Warren from The 6:52 Project emphasizes the importance of understanding pharmaceutical development processes: "What process does new product development go through from concept to market sales. Therein, I would like to learn how much community input is involved during the process."
The value extends beyond education to building trust and credibility. Warren notes that "having access to c-suite executives would benefit my organization because it would allow us to share stories of success and barriers serving marginalized communities in rural areas. Doing so would shape better relationship building with community such that trust of pharma and their intentions could be increased."
Beyond plant tours, pharmaceutical companies can leverage advocacy organizations as strategic resources. "Using us as a resource for trial participants, connection with their sales reps to help us open doors into provider space, co-branded marketing materials," Kristy suggests. Warren emphasizes the credibility factor: "Credibility partnering with a major corporation increases validity of programming offerings for smaller organizations like mine."
The most transformative opportunity lies in giving advocacy organizations real influence over corporate strategy from the beginning. Warren advocates for "including my expertise in developing products for community from conception" rather than "waiting until later in the process." This represents a fundamental shift from charitable giving to authentic partnership.
Forward-thinking pharmaceutical companies should establish advocacy advisory boards that include smaller, state-level organizations across therapeutic areas, not just established national groups. Launch executive mentorship programs pairing pharmaceutical executives with advocacy leaders. Create structured programs bringing advocacy leaders to research facilities and executive meetings. Provide operational support that moves beyond program-specific grants to unrestricted funding that builds organizational capacity.
The convergence of federal funding cuts and industry innovation creates a critical window for establishing alternative advocacy funding ecosystems. Companies that pioneer experiential investment models across disease states will strengthen their community relationships and position themselves as leaders in sustainable public health advocacy.
Imagine a pharmaceutical industry that recognizes the untapped potential in scrappy, nimble advocacy organizations led by people who understand their communities' needs intimately. These creative advocates—like Kristy in Colorado working directly with lupus patients, or Warren serving marginalized communities in rural areas—bring innovation, agility, and authentic community connections that larger legacy organizations often lack.

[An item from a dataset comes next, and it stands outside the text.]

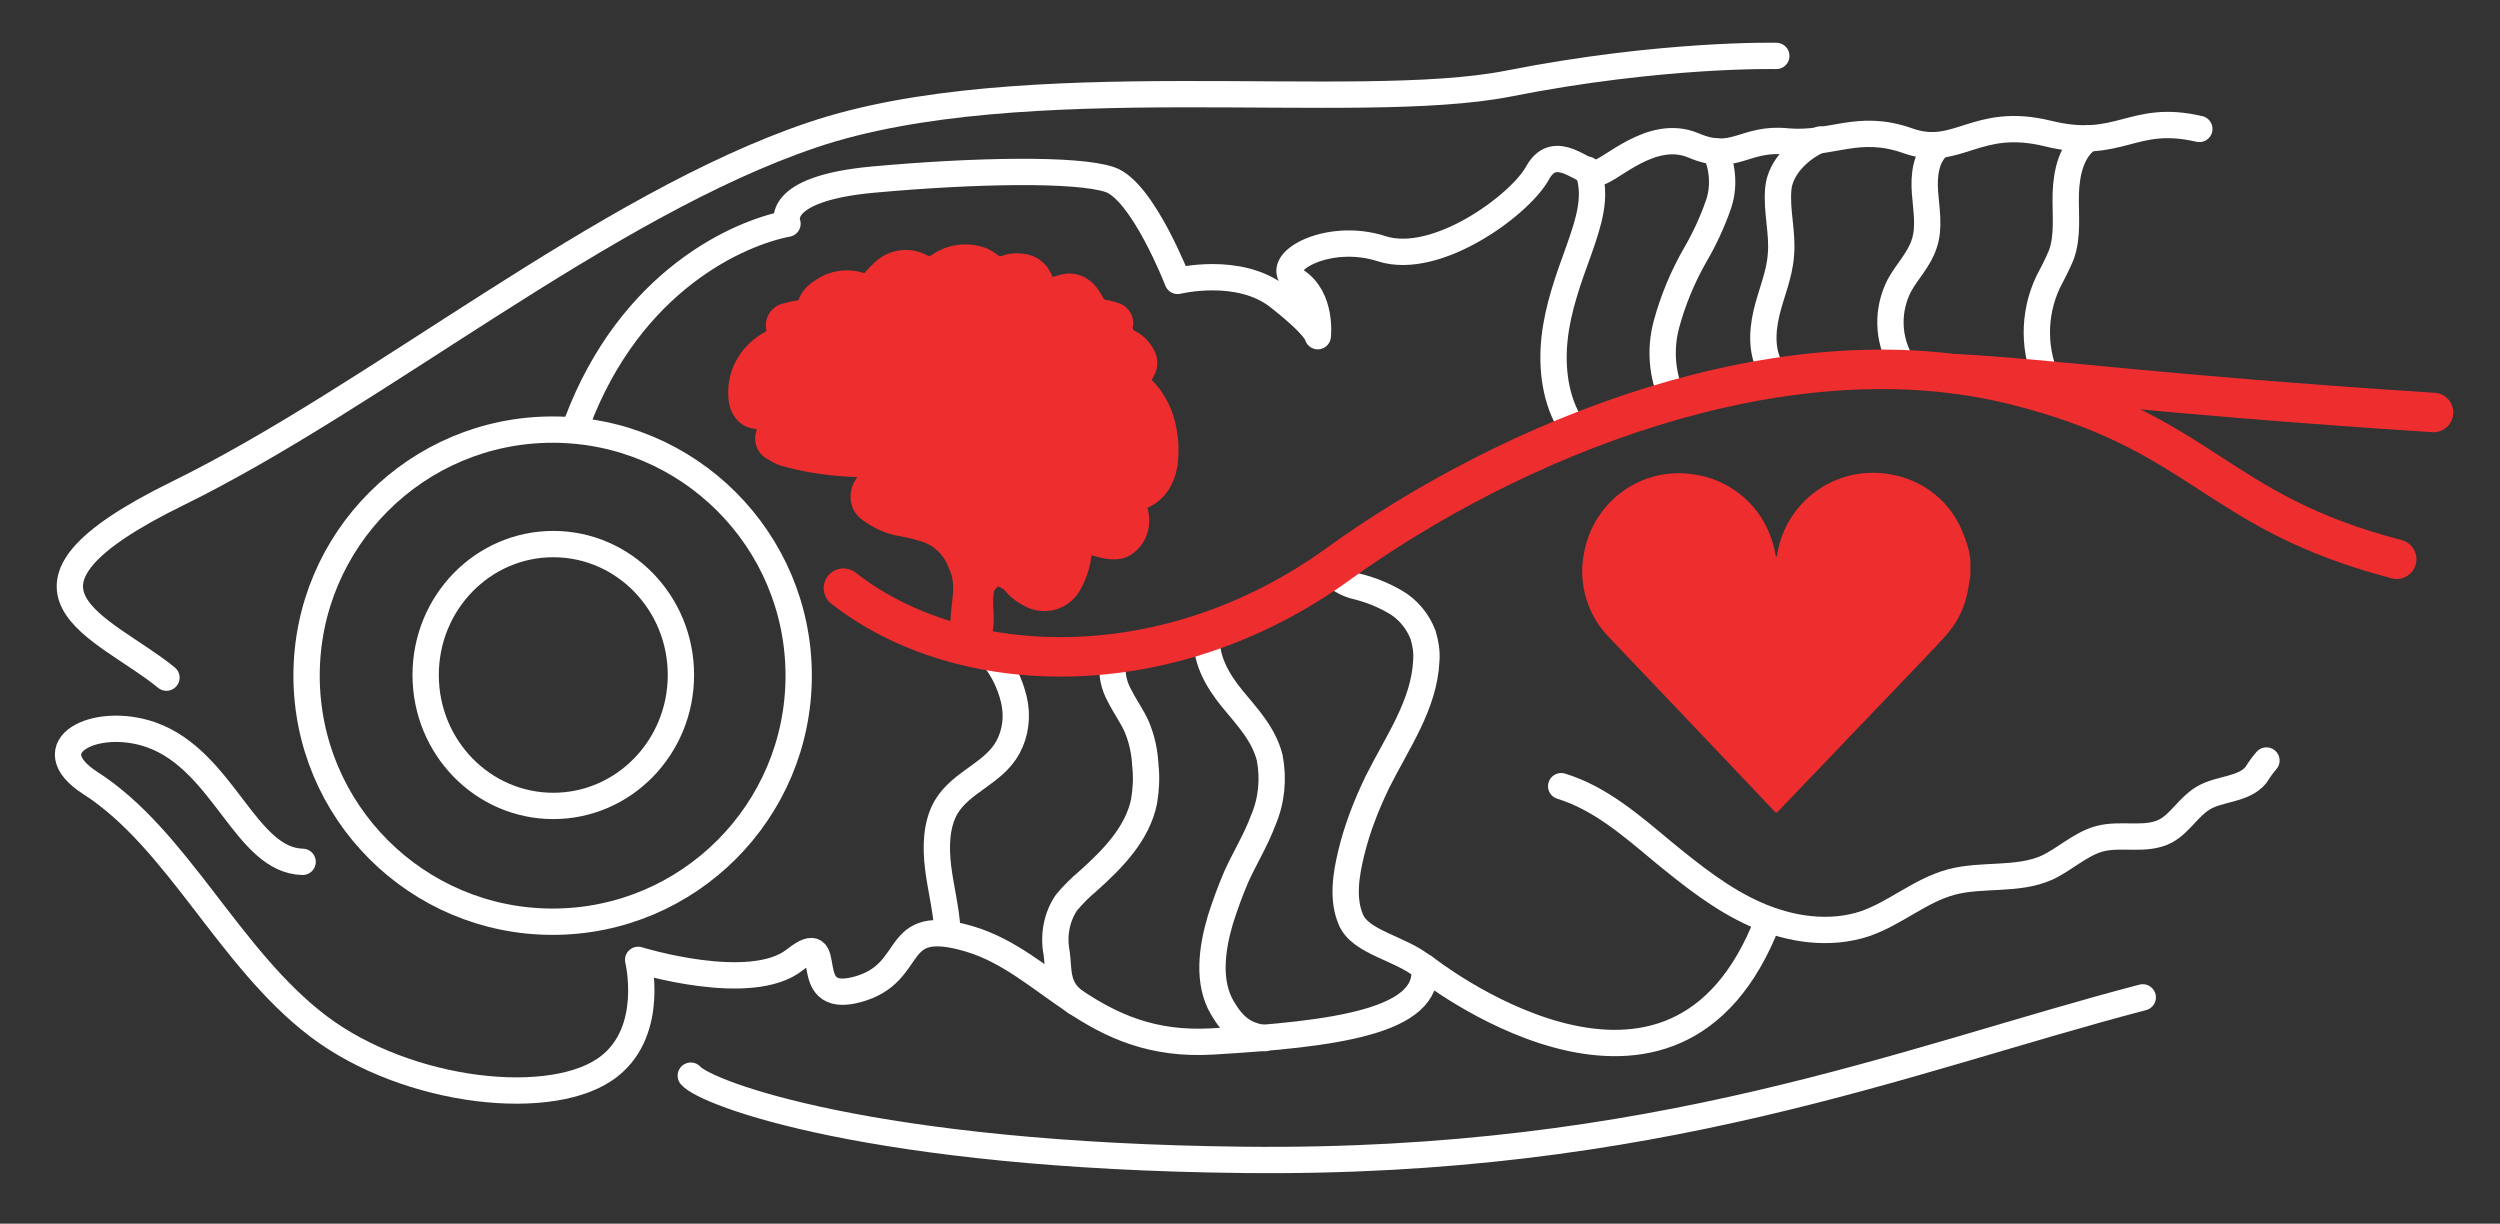 <?xml version="1.0" encoding="UTF-8"?> <!-- Generator: Adobe Illustrator 21.1.0, SVG Export Plug-In . SVG Version: 6.00 Build 0) --> <svg xmlns="http://www.w3.org/2000/svg" xmlns:xlink="http://www.w3.org/1999/xlink" version="1.1" id="Layer_1" x="0px" y="0px" viewBox="0 0 380 186" style="enable-background:new 0 0 380 186;" xml:space="preserve"><rect x="0" y="0" width="380" height="186" fill="#333333" stroke="none"/> <style type="text/css"> .st0{fill:none;stroke:#FFFFFF;stroke-width:4;stroke-linecap:round;stroke-linejoin:round;} .st1{fill:none;stroke:#EE2D2F;stroke-width:6;stroke-linecap:round;stroke-linejoin:round;} .st2{fill:#EE2D2F;} </style> <title>Asset 2</title>  <g id="Layer_2_1_"> <g id="Layer_2-2_1_"> <path class="st0" d="M237.3,119.5c5.9,1.8,10.7,6,15.5,10c4.4,3.6,8.9,7.2,14.1,9.5s11.2,3.2,16.6,1.4c4.6-1.6,8.3-5,13-6.3 c4.7-1.3,10.1-0.2,14.6-2.2c2.8-1.3,5.1-3.6,8-4.4c3.3-0.9,7.1,0.4,10.1-1.2c2.2-1.2,3.5-3.7,5.7-5c2.5-1.5,6.1-1.2,8-3.5 c0.5-0.8,1-1.5,1.6-2.2"></path> <path class="st0" d="M87.7,64.3c8.2-21.8,24.7-28.9,32-30.3c0,0-2.3-5.3,13-6.7s31-1.7,36,0S179,42.7,179,42.7s9.3-2.3,15.3,2.4 s6,6,6,6s0.7-5.8-3.3-8.4s4.7-7.6,13-4.9c8.3,2.7,21-6.6,23.7-11.5s7,0.2,9,0c2-0.2,8.3-6.9,14.7-4.2c6.3,2.7,7.7-1.3,14.3-0.6 c6.7,0.6,10.7-2.8,18.3-0.1s10.3-3.8,21.3-1.1s12.7-3.1,23-0.7"></path> <ellipse class="st0" cx="84.1" cy="102.6" rx="19.4" ry="19.9"></ellipse> <path class="st0" d="M241.3,25.8c1.6,3.9,0.1,8.2-1.3,12.2c-1.6,4.4-3.2,8.8-3.7,13.4s0.1,9.5,2.6,13.4"></path> <path class="st0" d="M260.8,23c1.1,2.6,1.3,5.5,0.4,8.1c-0.9,2.6-2.1,5.2-3.5,7.6c-1.9,3.3-3.4,6.9-4.4,10.6 c-1,3.7-0.7,7.7,0.9,11.2"></path> <path class="st0" d="M276.7,21.2c-2.9,1.2-6.1,4.1-6.4,7.5s0.7,6.7,0.4,10c-0.2,3.1-1.5,5.9-2.2,8.9c-0.7,3-0.8,6.4,1,8.9"></path> <path class="st0" d="M294.7,22.1c-2,1.7-2.3,4.6-2.1,7.2c0.2,2.6,0.7,5.3-0.1,7.7c-0.8,2.5-2.6,4.2-3.8,6.4 c-1.9,3.7-1.8,8.1,0.3,11.7"></path> <path class="st0" d="M317.5,21c-2.6,1.7-3.4,5.2-3.5,8.4s0.4,6.4-0.7,9.4c-0.6,1.4-1.3,2.8-2,4.1c-2.3,4.9-2.3,10.7,0.2,15.6"></path> <path class="st0" d="M268,141.7c-14.8,34.5-51.5,5.3-51.5,5.3c1,8.3-13.7,10.2-32.2,11.3s-24.8-12-37-15.6 c-12.2-3.6-7.7,5.2-17,7.7s-2.8-9.8-9.5-4.5s-23.8,0-23.8,0s2.6,10.6-4.3,16.1c-8.3,6.7-30.7,4.3-44.3-6s-21.4-28.5-34.7-37 c-8.5-5.5,0.8-10.3,9.3-7.3c11,3.9,14.3,19.1,23,19.3"></path> <path class="st0" d="M150.8,99.7c1.6,1.9,2.7,4.1,3.3,6.6c0.6,2.5,0.3,5.1-0.9,7.3c-2.2,4-7.1,5.2-9.4,9.1c-1.5,2.6-1.6,6-1.2,9.2 c0.4,3.2,1.2,6.2,1.4,9.4"></path> <path class="st0" d="M169.2,100.6c-0.3,1.8,0.1,3.6,1,5.2c0.8,1.6,1.9,3.1,2.6,4.7c0.8,1.9,1.2,3.9,1.3,5.9 c0.2,1.8,0.1,3.6-0.2,5.4c-1,4.9-4.7,8.7-8.5,12.1c-1.2,1-2.3,2.1-3.3,3.3c-1.5,2.2-2,5-1.5,7.6c0.4,2.6-0.2,5.4,3,7.6"></path> <path class="st0" d="M183.5,96.2c-0.5,3.7,1.5,7.2,3.8,10s4.8,5.4,5.7,9c0.6,3.2,0.3,6.5-1,9.5c-1.1,3-2.8,5.7-4.1,8.6 c-0.9,2.1-1.7,4.3-2.4,6.5c-1.3,4.4-2,9.5,0.3,13.4c1.7,2.9,3.4,4.2,6.4,4.6"></path> <path class="st0" d="M202.8,87.3c0.9,0.9,2.1,1.5,3.3,1.8c2.1,0.5,4.1,1.3,6,2.4c1.9,1.1,3.4,2.9,4.2,5c0.4,1.3,0.6,2.6,0.5,3.9 c-0.3,6.7-4.4,12.4-7.4,18.4c-1.7,3.5-3.1,7.1-4,10.8c-0.8,3.3-1.4,7-0.1,10.1c1.4,3.6,7.7,4.4,11.2,7.4"></path> <path class="st1" d="M128.2,89.4c17.9,14,49.3,15,75.1-3.6c26-18.8,67.3-36.1,102.8-27.3c29,7.2,30.2,19.2,58.2,26.5"></path> <path class="st1" d="M297.2,56.8c16.2,0.9,28.4,3,72.7,5.9"></path> <ellipse class="st0" cx="84" cy="102.7" rx="37.4" ry="37.4"></ellipse> <g id="lW8bgp_1_"> <path class="st2" d="M116.5,50.2c-0.4-1.7,0.6-3.5,2.3-4c0.7-0.2,1.5-0.4,2.2-0.5c0.2,0,0.4-0.1,0.4-0.2c0.5-1.3,1.5-2.3,2.7-3 c1.9-1.3,4.3-1.7,6.5-1.2c0.3,0.1,0.6,0.2,0.8,0.2c0.6-0.7,1.3-1.4,2-2c2.1-1.7,5.1-2,7.5-0.7c0.3,0.2,0.6,0.1,0.8-0.1 c2.5-1.7,5.6-2,8.4-0.9c0.6,0.3,1.1,0.6,1.6,1c0.1,0.1,0.4,0.2,0.6,0.1c1.1-0.4,2.3-0.5,3.4-0.3c1.9,0.2,3.5,1.5,4.2,3.3 c0,0.1,0.1,0.1,0.1,0.2c0.7-0.2,1.3-0.4,2-0.5c1.8-0.2,3.5,0.6,4.6,2c0.4,0.5,0.8,1.1,1.1,1.7c0.1,0.2,0.3,0.3,0.5,0.3 c0.7,0.1,1.3,0.3,1.9,0.5c1.5,0.5,2.4,2.1,2.1,3.6c-0.1,0.3,0.1,0.5,0.3,0.6c1.4,0.7,2.5,1.9,3.1,3.3c0.5,1.2,0.4,2.6-0.3,3.7 l-0.2,0.4c0,0,0,0.1,0,0.1c2.1,2.1,3.4,4.9,3.8,7.8c0.3,1.7,0.3,3.4,0.1,5.1c-0.5,2.9-1.8,5.2-4.6,6.5c0.7,2.3,0.1,4.9-1.7,6.5 c-2,1.9-4.4,1.4-6.8,0.7c0,0.3-0.1,0.5-0.1,0.8c-0.3,1.7-0.9,3.3-1.8,4.8c-1.8,2.8-5.4,3.7-8.3,2.1c-1.2-0.6-2.3-1.5-3.1-2.5 l-0.9-0.5l-0.6,0.7c-0.4,2,0.2,4-0.2,6.1c-0.1,0.4-0.2,0.5-0.6,0.5c-0.8,0-4.3,0.4-5.1,0.4c-0.3,0-0.4-0.1-0.5-0.4 c-0.8-3.1,0.9-6.5-0.2-9.4c-0.1-0.2-0.2-0.5-0.3-0.7c-0.7-2-2.4-3.6-4.5-4.1c-0.9-0.3-1.9-0.5-2.9-0.7c-2-0.3-4-1.2-5.6-2.4 c-2-1.3-2.5-4-1.2-6.1c0.1-0.2,0.2-0.3,0.3-0.5h-0.3c-3.5-0.1-7.1-0.6-10.5-1.5c-1-0.2-1.9-0.6-2.8-1.2c-1.6-0.8-2.3-2.7-1.7-4.4 c0-0.1,0-0.1,0-0.2c-2.7-0.1-4.3-2.5-4.3-5.1c-0.2-4.1,2.1-7.8,5.7-9.7L116.5,50.2z"></path> </g> <g id="luD1uK_1_"> <path class="st2" d="M299.5,85.3v2.2c-0.1,0.6-0.2,1.2-0.3,1.8c-0.4,2.8-1.7,5.5-3.7,7.6c-1.7,1.9-3.5,3.7-5.2,5.5l-19.9,20.8 c-0.4,0.4-0.4,0.4-0.8,0l-9.1-9.6c-5.3-5.6-10.6-11.1-15.8-16.6c-3.4-3.4-4.9-8.3-3.9-13.1c1.5-7.8,8.8-13,16.6-11.8 c5.2,0.7,9.7,4.2,11.6,9.1c0.4,1,0.7,2.1,0.9,3.2c0,0.1,0,0.2,0.1,0.2s0.1-0.1,0.1-0.2c0.1-0.3,0.1-0.7,0.2-1 c1.7-7.7,9.2-12.7,17-11.3c5,0.8,9.3,4.2,11.1,9C299,82.5,299.4,83.9,299.5,85.3z"></path> </g> </g> </g> <path class="st0" d="M25.3,103C15.8,95.2-3.2,89.8,27,75s64.8-43.8,96.5-54.5s82.5-3.2,105.8-7.8S270,8.5,270,8.5"></path> <path class="st0" d="M105,163.5c2.3,2.7,27.5,12.2,84,12.8c62.7,0.7,100.7-15.3,136.7-24.7"></path> </svg>

They deserve more than the leftover funding after national organizations take their share.
The pharmaceutical industry has the opportunity to empower and equip these advocates not just with financial resources, but with knowledge, access, and genuine partnership. When companies invest time in plant tours, executive mentorship, and collaborative strategy sessions with smaller advocacy organizations, they tap into a reservoir of community insight and innovative approaches that could transform how medicine reaches the people who need it most. The scrappy organizations working closest to affected communities often have the boldest ideas and the strongest commitment to change—they simply need industry partners willing to see past the polished grant applications of established organizations to recognize the potential of authentic grassroots advocacy.
This moment demands more than transactional charity. It calls for industry to reimagine community investment as true partnership with the advocates who know their communities best.